↓↓↓

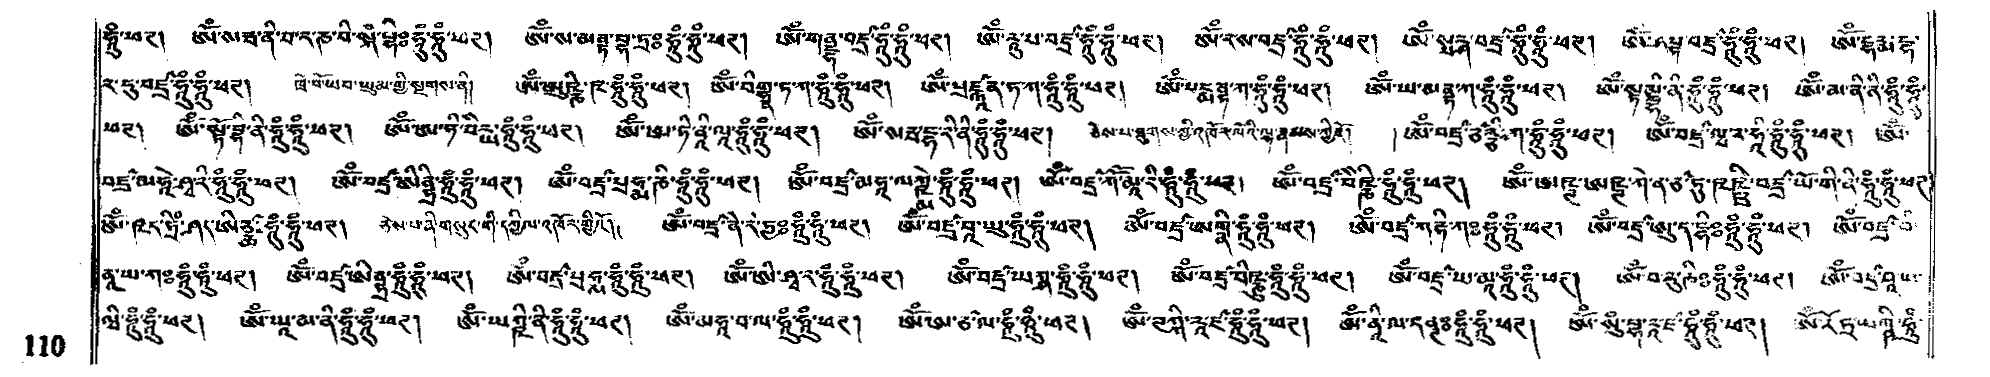ཧཱུཾ་ཕཊ། ཨོཾ་སརྦ་ནི་བ་ར་ཎ་བི་སྐཾ་བྷིཿ ཧཱུཾ་ཧཱུཾ་ཕཊ། ཨོཾ་ས་མནྟ་བྷ་ཏྲཿ ཧཱུཾ་ཧཱུཾ་ཕཊ། ཨོཾ་གནྡྷ་བཛྲ་ཧཱུཾ་ཧཱུཾ་ཕཊ། ཨོཾ་རཱུ་པ་བཛྲ་ཧཱུཾ་ཧཱུཾ་ཕཊ། ཨོཾ་ར་ས་བཛྲ་ཧཱུཾ་ཧཱུཾ་ཕཊ། ཨོཾ་སྤརྴ་བཛྲ་ཧཱུཾ་ཧཱུཾ་ཕཊ། ཨོཾ་ཤཔྟ་བཛྲ་ཧཱུཾ་ཧཱུཾ་ཕཊ། ཨོཾ་དྷརྨ་དྷ་
ར་དུ་བཛྲ་ཧཱུཾ་ཧཱུཾ་ཕཊ། ཁྲོ་བོ་ཡབ་ཡུམ་གྱི་སྔགས་ནི།  ཨོཾ་ཨུཥྞི་ཥ་ཧཱུཾ་ཧཱུཾ་ཕཊ། ཨོཾ་བིགྷྣ་ཏ་ཀ་ཧཱུཾ་ཧཱུཾ་ཕཊ། ཨོཾ་པྲ་ཛྙཱ་ན་ཏ་ཀ་ཧཱུཾ་ཧཱུཾ་ཕཊ། ཨོཾ་པདམནྟ་ཀ་ཧཱུཾ་ཧཱུཾ་ཕཊ། ཨོཾ་ཡ་མནྟ་ཀ་ཧཱུཾ་ཧཱུཾ་ཕཊ། ཨོཾ་སྟམྦྷི་ནི་ཧཱུཾ་ཧཱུཾ་ཕཊ། ཨོཾ་མ་ནི་ནི་ཧཱུཾ་ཧཱུཾ་
ཕཊ། ཨོཾ་སྟོ་བྷི་ནི་ཧཱུཾ་ཧཱུཾ་ཕཊ། ཨོཾ་ཨ་ཏི་བིརྱ་ཧཱུཾ་ཧཱུཾ་ཕཊ། ཨོཾ་ཨ་ཏི་ནཱི་ལཱ་ཧཱུཾ་ཧཱུཾ་ཕཊ། ཨོཾ་སརྦ་དྷ་རི་ནི་ཧཱུཾ་ཧཱུཾ་ཕཊ། ཅེས་པ་ཐུགས་ཀྱི་འཁོར་ལོའི་ལྷ་རྣམས་ཀྱིའོ།  །ཨོཾ་བཛྲ་ཙརྩི་ཀ་ཧཱུཾ་ཧཱུཾ་ཕཊ། ཨོཾ་བཛྲ་ཝ་ར་ཧཱི་ཧཱུཾ་ཧཱུཾ་ཕཊ། ཨོཾ་
བཛྲ་མཧE་ཤྭ་རི་ཧཱུཾ་ཧཱུཾ་ཕཊ། ཨོཾ་བཛྲ་ཨིནྟྲི་ཧཱུཾ་ཧཱུཾ་ཕཊ། ཨོཾ་བཛྲ་པྲཧྨ་ཎི་ཧཱུཾ་ཧཱུཾ་ཕཊ། ཨོཾ་བཛྲ་མཧཱ་ལཀྵེ་ཧཱུཾ་ཧཱུཾ་ཕཊ། ཨོཾ་བཛྲ་ཀཽ་མཱ་རི་ཧཱུཾ་ཧཱུཾ་ཕཊ། ཨོཾ་བཛྲ་བཻཥྞི་ཧཱུཾ་ཧཱུཾ་ཕཊ། ཨོཾ་ཨཥྚ་ཨཥྚ་ཀེ་ན་ཙ་ཏུ་ཥཥཊཿཨི་བཛྲ་ཡོ་གི་ནི་ཧཱུཾ་ཧཱུཾ་ཕཊ་
ཨོཾ་ཥད་ཏྲིཾ་ཤད་ཨིཙྪ་ཧཱུཾ་ཧཱུཾ་ཕཊ། ཅེས་པ་ནི་གསུང་གི་དཀྱིལ་འཁོར་གྱིའོ།།  ཨོཾ་བཛྲ་ནེ་རེ་ཏྱཿ ཧཱུཾ་ཧཱུཾ་ཕཊ། ཨོཾ་བཛྲ་བཱ་ཡུ་ཧཱུཾ་ཧཱུཾ་ཕཊ། ཨོཾ་བཛྲ་ཨགནི་ཧཱུཾ་ཧཱུཾ་ཕཊ། ཨོཾ་བཛྲ་ཀརྟི་ཀཿ ཧཱུཾ་ཧཱུཾ་ཕཊ། ཨོཾ་བཛྲ་ཨུ་ད་དྷིཿ ཧཱུཾ་ཧཱུཾ་ཕཊ། ཨོཾ་བཛྲ་བི་
ནཱ་ཡ་ཀཿ ཧཱུཾ་ཧཱུཾ་ཕཊ། ཨོཾ་བཛྲ་ཨིནྟྲ་ཧཱུཾ་ཧཱུཾ་ཕཊ། ཨོཾ་བཛྲ་པྲཧྨ་ཧཱུཾ་ཧཱུཾ་ཕཊ། ཨོཾ་ཨི་ཤྭ་ར་ཧཱུཾ་ཧཱུཾ་ཕཊ། ཨོཾ་བཛྲ་ཡཀྵ་ཧཱུཾ་ཧཱུཾ་ཕཊ། ཨོཾ་བཛྲ་བིཥྞུ་ཧཱུཾ་ཧཱུཾ་ཕཊ། ཨོཾ་བཛྲ་ཡ་མཱ་ཧཱུཾ་ཧཱུཾ་ཕཊ། ཨོཾ་བ་རུ་ཎིཿ ཧཱུཾ་ཧཱུཾ་ཕཊ། ཨོཾ་བཛྲ་བཱ་ཡ་
ཝི་ཧཱུཾ་ཧཱུཾ་ཕཊ། ཨོཾ་ཡཱ་མ་ནི་ཧཱུཾ་ཧཱུཾ་ཕཊ། ཨོཾ་ཡཀྵི་ནི་ཧཱུཾ་ཧཱུཾ་ཕཊ། ཨོཾ་མཧཱ་བ་ལ་ཧཱུཾ་ཧཱུཾ་ཕཊ། ཨོཾ་ཨ་ཙ་ལ་ཧཱུཾ་ཧཱུཾ་ཕཊ། ཨོཾ་ཊཀྐི་རཱ་ཛ་ཧཱུཾ་ཧཱུཾ་ཕཊ། ཨོཾ་ནཱི་ལ་དནྜཿ ཧཱུཾ་ཧཱུཾ་ཕཊ། ཨོཾ་སུཾ་བྷ་རཱ་ཛ་ཧཱུཾ་ཧཱུཾ་ཕཊ། ཨོཾ་རོ་ཏྲ་ཡཀྵི་ཧཱུཾ་

↑↑↑

Please give the entries again word for word, without any pictures.

§ **Answer for the task**:
ཧཱུཾ་ཕཊ། ཨོཾ་སརྦ་ནི་བ་ར་ཎ་བི་སྐཾ་བྷིཿ ཧཱུཾ་ཧཱུཾ་ཕཊ། ཨོཾ་ས་མནྟ་བྷ་ཏྲཿ ཧཱུཾ་ཧཱུཾ་ཕཊ། ཨོཾ་གནྡྷ་བཛྲ་ཧཱུཾ་ཧཱུཾ་ཕཊ། ཨོཾ་རཱུ་པ་བཛྲ་ཧཱུཾ་ཧཱུཾ་ཕཊ། ཨོཾ་ར་ས་བཛྲ་ཧཱུཾ་ཧཱུཾ་ཕཊ། ཨོཾ་སྤརྴ་བཛྲ་ཧཱུཾ་ཧཱུཾ་ཕཊ། ཨོཾ་ཤཔྟ་བཛྲ་ཧཱུཾ་ཧཱུཾ་ཕཊ། ཨོཾ་དྷརྨ་དྷ་
ར་དུ་བཛྲ་ཧཱུཾ་ཧཱུཾ་ཕཊ། ཁྲོ་བོ་ཡབ་ཡུམ་གྱི་སྔགས་ནི།  ཨོཾ་ཨུཥྞི་ཥ་ཧཱུཾ་ཧཱུཾ་ཕཊ། ཨོཾ་བིགྷྣ་ཏ་ཀ་ཧཱུཾ་ཧཱུཾ་ཕཊ། ཨོཾ་པྲ་ཛྙཱ་ན་ཏ་ཀ་ཧཱུཾ་ཧཱུཾ་ཕཊ། ཨོཾ་པདམནྟ་ཀ་ཧཱུཾ་ཧཱུཾ་ཕཊ། ཨོཾ་ཡ་མནྟ་ཀ་ཧཱུཾ་ཧཱུཾ་ཕཊ། ཨོཾ་སྟམྦྷི་ནི་ཧཱུཾ་ཧཱུཾ་ཕཊ། ཨོཾ་མ་ནི་ནི་ཧཱུཾ་ཧཱུཾ་
ཕཊ། ཨོཾ་སྟོ་བྷི་ནི་ཧཱུཾ་ཧཱུཾ་ཕཊ། ཨོཾ་ཨ་ཏི་བིརྱ་ཧཱུཾ་ཧཱུཾ་ཕཊ། ཨོཾ་ཨ་ཏི་ནཱི་ལཱ་ཧཱུཾ་ཧཱུཾ་ཕཊ། ཨོཾ་སརྦ་དྷ་རི་ནི་ཧཱུཾ་ཧཱུཾ་ཕཊ། ཅེས་པ་ཐུགས་ཀྱི་འཁོར་ལོའི་ལྷ་རྣམས་ཀྱིའོ།  །ཨོཾ་བཛྲ་ཙརྩི་ཀ་ཧཱུཾ་ཧཱུཾ་ཕཊ། ཨོཾ་བཛྲ་ཝ་ར་ཧཱི་ཧཱུཾ་ཧཱུཾ་ཕཊ། ཨོཾ་
བཛྲ་མཧE་ཤྭ་རི་ཧཱུཾ་ཧཱུཾ་ཕཊ། ཨོཾ་བཛྲ་ཨིནྟྲི་ཧཱུཾ་ཧཱུཾ་ཕཊ། ཨོཾ་བཛྲ་པྲཧྨ་ཎི་ཧཱུཾ་ཧཱུཾ་ཕཊ། ཨོཾ་བཛྲ་མཧཱ་ལཀྵེ་ཧཱུཾ་ཧཱུཾ་ཕཊ། ཨོཾ་བཛྲ་ཀཽ་མཱ་རི་ཧཱུཾ་ཧཱུཾ་ཕཊ། ཨོཾ་བཛྲ་བཻཥྞི་ཧཱུཾ་ཧཱུཾ་ཕཊ། ཨོཾ་ཨཥྚ་ཨཥྚ་ཀེ་ན་ཙ་ཏུ་ཥཥཊཿཨི་བཛྲ་ཡོ་གི་ནི་ཧཱུཾ་ཧཱུཾ་ཕཊ་
ཨོཾ་ཥད་ཏྲིཾ་ཤད་ཨིཙྪ་ཧཱུཾ་ཧཱུཾ་ཕཊ། ཅེས་པ་ནི་གསུང་གི་དཀྱིལ་འཁོར་གྱིའོ།།  ཨོཾ་བཛྲ་ནེ་རེ་ཏྱཿ ཧཱུཾ་ཧཱུཾ་ཕཊ། ཨོཾ་བཛྲ་བཱ་ཡུ་ཧཱུཾ་ཧཱུཾ་ཕཊ། ཨོཾ་བཛྲ་ཨགནི་ཧཱུཾ་ཧཱུཾ་ཕཊ། ཨོཾ་བཛྲ་ཀརྟི་ཀཿ ཧཱུཾ་ཧཱུཾ་ཕཊ། ཨོཾ་བཛྲ་ཨུ་ད་དྷིཿ ཧཱུཾ་ཧཱུཾ་ཕཊ། ཨོཾ་བཛྲ་བི་
ནཱ་ཡ་ཀཿ ཧཱུཾ་ཧཱུཾ་ཕཊ། ཨོཾ་བཛྲ་ཨིནྟྲ་ཧཱུཾ་ཧཱུཾ་ཕཊ། ཨོཾ་བཛྲ་པྲཧྨ་ཧཱུཾ་ཧཱུཾ་ཕཊ། ཨོཾ་ཨི་ཤྭ་ར་ཧཱུཾ་ཧཱུཾ་ཕཊ། ཨོཾ་བཛྲ་ཡཀྵ་ཧཱུཾ་ཧཱུཾ་ཕཊ། ཨོཾ་བཛྲ་བིཥྞུ་ཧཱུཾ་ཧཱུཾ་ཕཊ། ཨོཾ་བཛྲ་ཡ་མཱ་ཧཱུཾ་ཧཱུཾ་ཕཊ། ཨོཾ་བ་རུ་ཎིཿ ཧཱུཾ་ཧཱུཾ་ཕཊ། ཨོཾ་བཛྲ་བཱ་ཡ་
ཝི་ཧཱུཾ་ཧཱུཾ་ཕཊ། ཨོཾ་ཡཱ་མ་ནི་ཧཱུཾ་ཧཱུཾ་ཕཊ། ཨོཾ་ཡཀྵི་ནི་ཧཱུཾ་ཧཱུཾ་ཕཊ། ཨོཾ་མཧཱ་བ་ལ་ཧཱུཾ་ཧཱུཾ་ཕཊ། ཨོཾ་ཨ་ཙ་ལ་ཧཱུཾ་ཧཱུཾ་ཕཊ། ཨོཾ་ཊཀྐི་རཱ་ཛ་ཧཱུཾ་ཧཱུཾ་ཕཊ། ཨོཾ་ནཱི་ལ་དནྜཿ ཧཱུཾ་ཧཱུཾ་ཕཊ། ཨོཾ་སུཾ་བྷ་རཱ་ཛ་ཧཱུཾ་ཧཱུཾ་ཕཊ། ཨོཾ་རོ་ཏྲ་ཡཀྵི་ཧཱུཾ་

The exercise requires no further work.